**Data records**

-- Opening Marker --

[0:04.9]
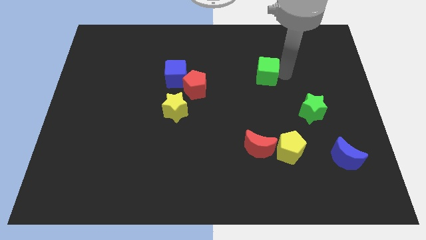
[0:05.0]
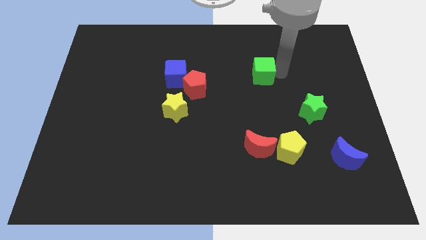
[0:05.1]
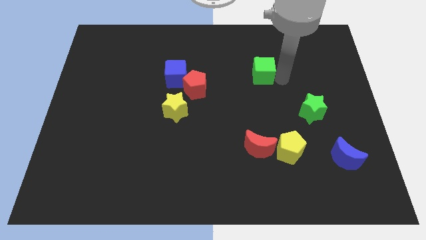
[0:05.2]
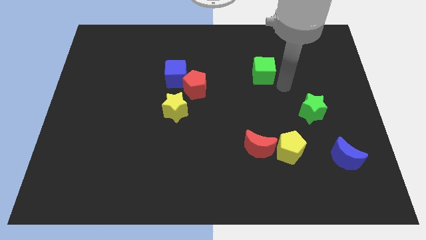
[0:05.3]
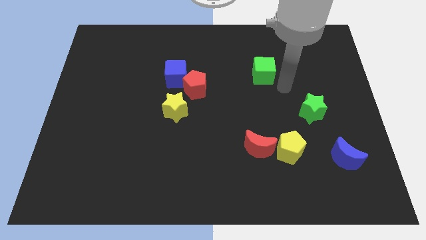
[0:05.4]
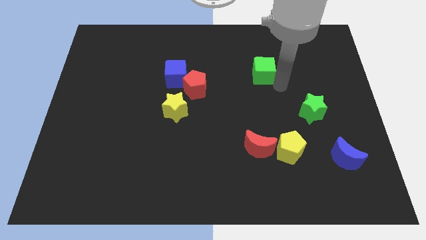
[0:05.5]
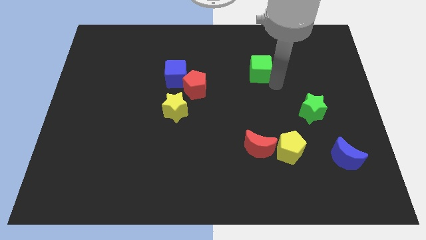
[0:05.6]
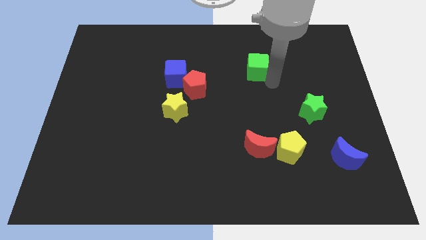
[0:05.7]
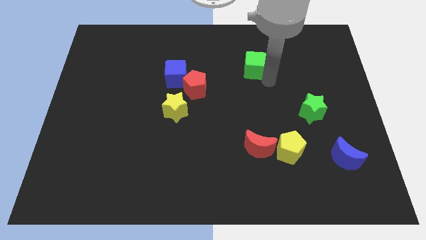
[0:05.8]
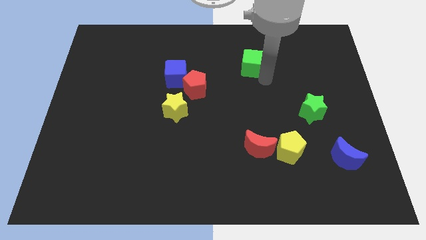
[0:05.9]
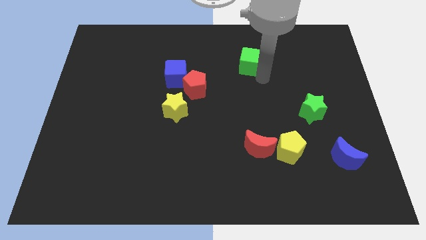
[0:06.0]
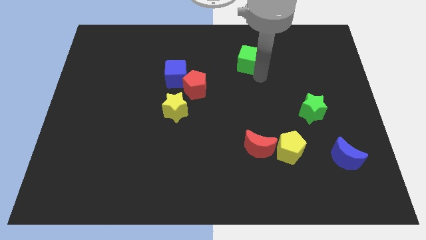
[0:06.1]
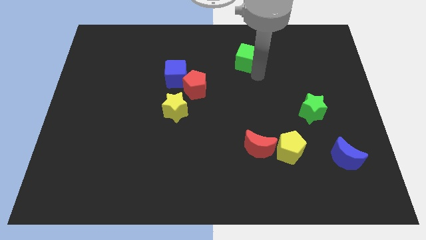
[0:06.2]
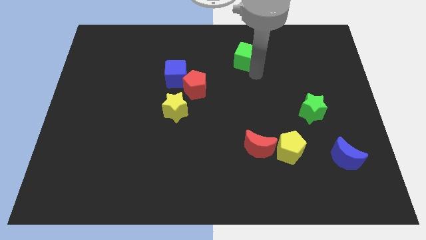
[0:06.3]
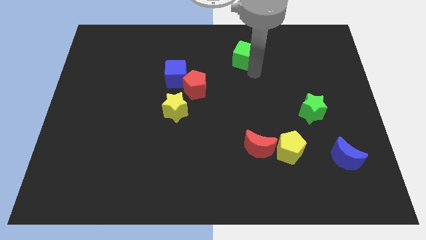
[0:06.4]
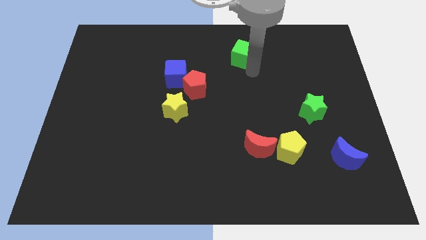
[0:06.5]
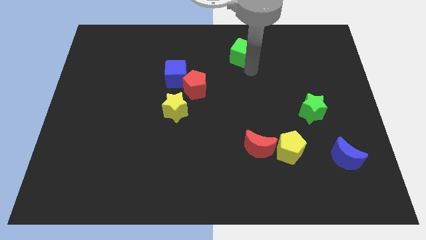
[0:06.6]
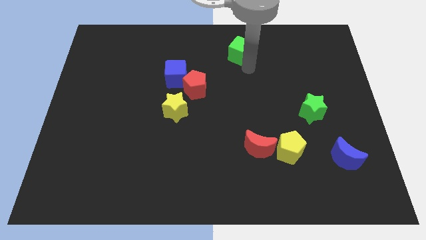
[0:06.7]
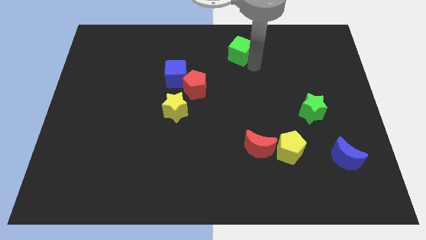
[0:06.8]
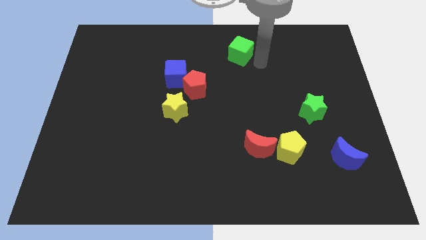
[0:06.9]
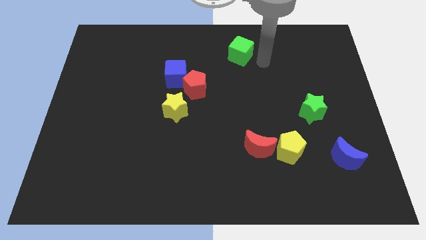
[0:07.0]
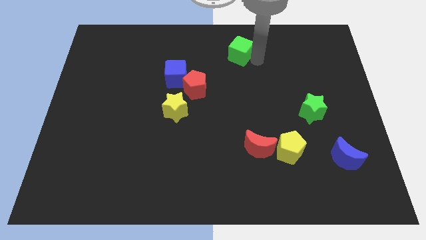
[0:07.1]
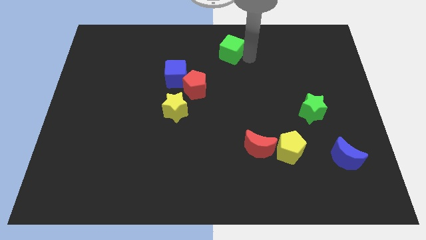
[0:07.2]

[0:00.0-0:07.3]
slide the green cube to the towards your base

-- Closing Marker --

**Exercise aim**
Repeat every record above exactly, except the pictures.

**Response to the exercise**
[0:04.9]
[0:05.0]
[0:05.1]
[0:05.2]
[0:05.3]
[0:05.4]
[0:05.5]
[0:05.6]
[0:05.7]
[0:05.8]
[0:05.9]
[0:06.0]
[0:06.1]
[0:06.2]
[0:06.3]
[0:06.4]
[0:06.5]
[0:06.6]
[0:06.7]
[0:06.8]
[0:06.9]
[0:07.0]
[0:07.1]
[0:07.2]

[0:00.0-0:07.3]
slide the green cube to the towards your base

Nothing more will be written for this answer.